= Kurt Trampedach =

Danish painter and sculptor (1943–2013)

Trampedach selfportrait from the 1980s painted in a more realistic style than most of his selfportraits which generally tended towards surrealism.

Kurt Trampedach (13 May 1943 – 12 November 2013) was a Danish painter and sculptor.

==Biography==
Trampedach was born at Hillerød. He studied at the Danish Academy of Fine Arts from 1963 to 1969. He had his artistic breakthrough by the end of the sixties. He has often made distorted self-portraits and portraits of his own wife. Portraits of horses, and of large- headed babies were other favorite motifs. His dark style was particularly inspired by Rembrandt van Rijn. Painting was a way for him to work with his own psyche, with frequent bouts of depression and mania. In 1983 Trampedach's studio in Copenhagen was set on fire destroying many paintings. In 1984 he received the Eckersberg Medal.

With his wife he moved to Sare in the French Pyrenees where he lived in a house built by himself, raising animals and painting.

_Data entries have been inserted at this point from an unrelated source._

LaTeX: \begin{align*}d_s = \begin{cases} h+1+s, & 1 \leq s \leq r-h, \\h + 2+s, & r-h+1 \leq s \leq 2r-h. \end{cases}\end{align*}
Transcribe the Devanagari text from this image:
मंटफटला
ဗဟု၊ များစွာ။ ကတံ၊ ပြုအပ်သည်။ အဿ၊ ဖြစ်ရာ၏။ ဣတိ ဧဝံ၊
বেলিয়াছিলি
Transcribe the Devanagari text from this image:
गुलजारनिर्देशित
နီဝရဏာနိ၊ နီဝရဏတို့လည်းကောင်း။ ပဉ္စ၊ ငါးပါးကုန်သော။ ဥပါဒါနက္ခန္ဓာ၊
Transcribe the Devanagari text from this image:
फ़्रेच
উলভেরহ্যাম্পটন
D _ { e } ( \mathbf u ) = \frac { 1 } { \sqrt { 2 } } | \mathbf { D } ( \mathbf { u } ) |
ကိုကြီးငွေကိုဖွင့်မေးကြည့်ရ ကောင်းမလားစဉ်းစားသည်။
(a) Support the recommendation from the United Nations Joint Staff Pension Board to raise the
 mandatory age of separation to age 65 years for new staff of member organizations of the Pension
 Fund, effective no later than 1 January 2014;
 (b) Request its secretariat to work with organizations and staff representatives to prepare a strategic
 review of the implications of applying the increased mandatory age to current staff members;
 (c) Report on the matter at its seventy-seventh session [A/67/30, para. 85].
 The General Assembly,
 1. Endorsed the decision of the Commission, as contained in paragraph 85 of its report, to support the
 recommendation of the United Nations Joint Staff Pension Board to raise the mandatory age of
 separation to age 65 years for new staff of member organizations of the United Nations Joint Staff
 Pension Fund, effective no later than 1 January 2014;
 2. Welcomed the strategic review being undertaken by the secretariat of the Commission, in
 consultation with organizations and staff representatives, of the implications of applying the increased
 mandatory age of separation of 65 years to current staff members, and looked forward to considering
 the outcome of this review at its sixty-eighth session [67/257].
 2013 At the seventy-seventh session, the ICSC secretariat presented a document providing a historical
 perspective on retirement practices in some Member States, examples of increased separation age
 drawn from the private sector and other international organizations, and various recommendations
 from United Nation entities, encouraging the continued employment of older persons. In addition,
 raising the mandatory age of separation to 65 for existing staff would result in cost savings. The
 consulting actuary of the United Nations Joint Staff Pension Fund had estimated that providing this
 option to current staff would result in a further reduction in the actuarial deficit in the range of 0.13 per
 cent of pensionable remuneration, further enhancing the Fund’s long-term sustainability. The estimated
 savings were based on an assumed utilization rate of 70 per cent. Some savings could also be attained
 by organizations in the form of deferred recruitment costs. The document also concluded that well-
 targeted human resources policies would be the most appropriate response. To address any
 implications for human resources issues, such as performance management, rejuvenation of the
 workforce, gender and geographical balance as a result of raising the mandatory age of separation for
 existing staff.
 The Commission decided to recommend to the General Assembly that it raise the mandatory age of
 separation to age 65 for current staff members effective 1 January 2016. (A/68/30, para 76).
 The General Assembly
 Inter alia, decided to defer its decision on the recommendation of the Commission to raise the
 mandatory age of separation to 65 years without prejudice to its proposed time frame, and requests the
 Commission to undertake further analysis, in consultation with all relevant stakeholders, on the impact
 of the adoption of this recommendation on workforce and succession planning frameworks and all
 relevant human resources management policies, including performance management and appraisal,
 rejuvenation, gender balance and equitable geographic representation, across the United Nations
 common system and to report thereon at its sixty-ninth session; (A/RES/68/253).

In April 2002 his house and studio in France was burned down while he was in Denmark preparing an exhibition. And within a month his studio in Copenhagen was set on fire, destroying seven large paintings. Trampedach himself barely escaped the flames. Trampedach claimed that the fire in Copenhagen had been an attempt at his life by jealous colleagues. Some people claimed that he had started the fire himself, but in 2005 a French-Moroccan was sentenced for the crime in France, although the Copenhagen fires continue unresolved. After the fires he was struck by a severe depression and did not paint for the last years of his life.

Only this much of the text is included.